ABOUT THIS TASK
From the line containing "assistant: אל הר" through the last line of the entries below, transcribe each line exactly, excluding any picture.

DATA FOR THIS TASK
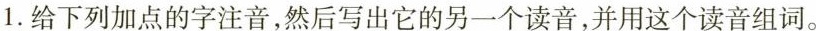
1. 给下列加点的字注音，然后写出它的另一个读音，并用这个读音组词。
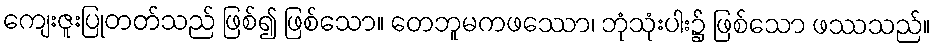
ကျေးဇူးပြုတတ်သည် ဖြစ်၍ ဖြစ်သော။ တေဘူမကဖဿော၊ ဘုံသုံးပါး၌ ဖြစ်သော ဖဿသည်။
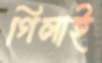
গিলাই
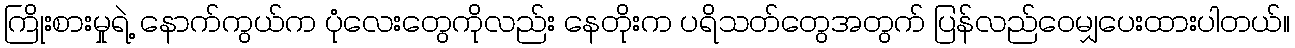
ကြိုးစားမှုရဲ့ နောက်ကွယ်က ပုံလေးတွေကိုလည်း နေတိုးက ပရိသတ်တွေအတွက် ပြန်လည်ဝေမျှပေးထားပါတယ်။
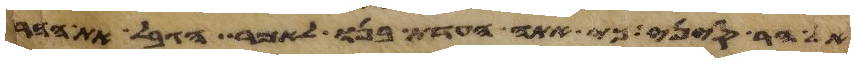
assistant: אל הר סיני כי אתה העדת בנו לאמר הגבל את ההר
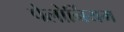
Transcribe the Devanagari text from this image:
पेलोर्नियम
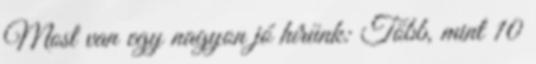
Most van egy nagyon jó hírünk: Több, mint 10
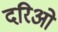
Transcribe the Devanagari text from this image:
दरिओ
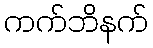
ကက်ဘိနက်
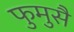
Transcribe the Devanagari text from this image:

THE ANSWER
assistant: אל הר סיני כי אתה העדת בנו לאמר הגבל את ההר
Transcribe the Devanagari text from this image:
पेलोर्नियम
Most van egy nagyon jó hírünk: Több, mint 10
Transcribe the Devanagari text from this image:
दरिओ
ကက်ဘိနက်
Transcribe the Devanagari text from this image:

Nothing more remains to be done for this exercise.